#### Aim of the task
What you return should match the data word for word, minus the images.

Items from a data source:
+---+

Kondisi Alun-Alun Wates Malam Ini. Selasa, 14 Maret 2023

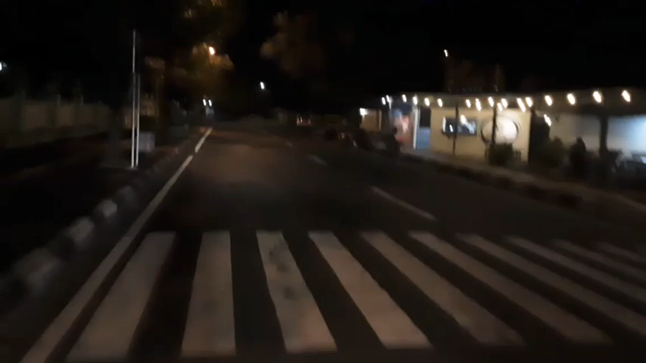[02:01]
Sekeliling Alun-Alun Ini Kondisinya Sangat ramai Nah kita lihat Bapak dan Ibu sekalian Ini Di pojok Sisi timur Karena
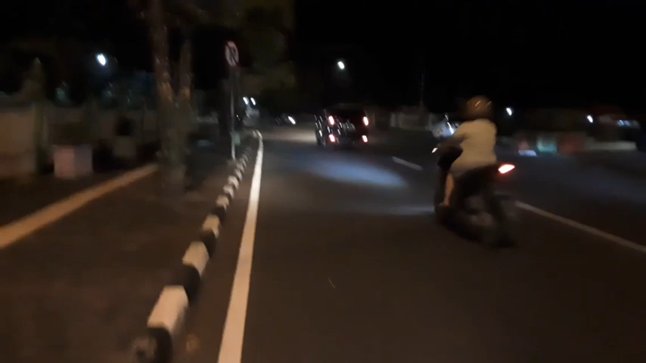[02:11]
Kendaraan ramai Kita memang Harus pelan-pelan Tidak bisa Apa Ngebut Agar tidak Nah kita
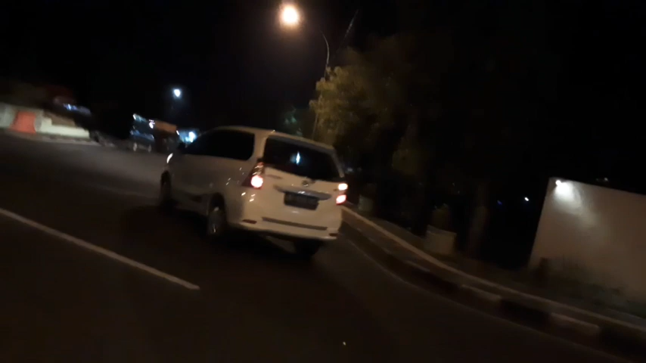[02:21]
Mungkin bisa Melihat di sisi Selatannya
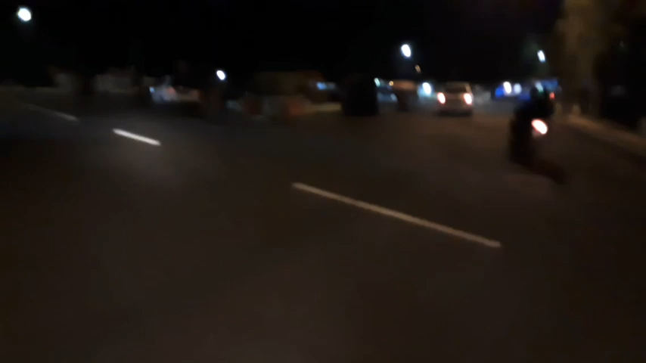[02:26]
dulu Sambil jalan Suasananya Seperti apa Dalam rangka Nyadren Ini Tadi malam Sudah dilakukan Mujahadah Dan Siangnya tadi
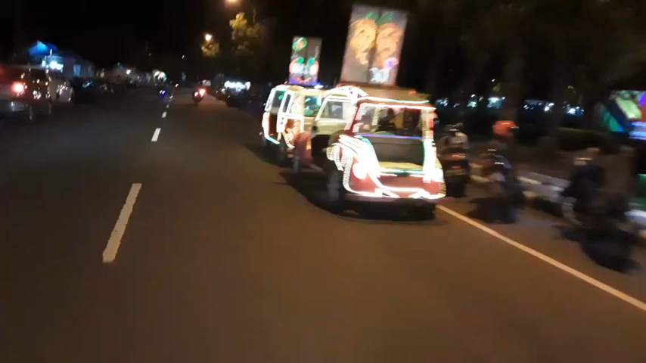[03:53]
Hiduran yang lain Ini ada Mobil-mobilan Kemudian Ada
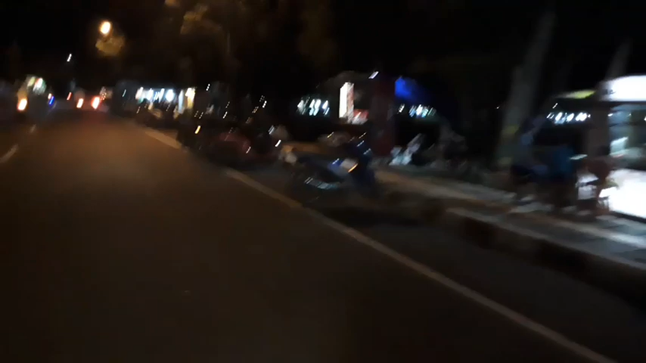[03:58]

+---+

#### Exercise answer
Kondisi Alun-Alun Wates Malam Ini. Selasa, 14 Maret 2023

[02:01]
Sekeliling Alun-Alun Ini Kondisinya Sangat ramai Nah kita lihat Bapak dan Ibu sekalian Ini Di pojok Sisi timur Karena
[02:11]
Kendaraan ramai Kita memang Harus pelan-pelan Tidak bisa Apa Ngebut Agar tidak Nah kita
[02:21]
Mungkin bisa Melihat di sisi Selatannya
[02:26]
dulu Sambil jalan Suasananya Seperti apa Dalam rangka Nyadren Ini Tadi malam Sudah dilakukan Mujahadah Dan Siangnya tadi
[03:53]
Hiduran yang lain Ini ada Mobil-mobilan Kemudian Ada
[03:58]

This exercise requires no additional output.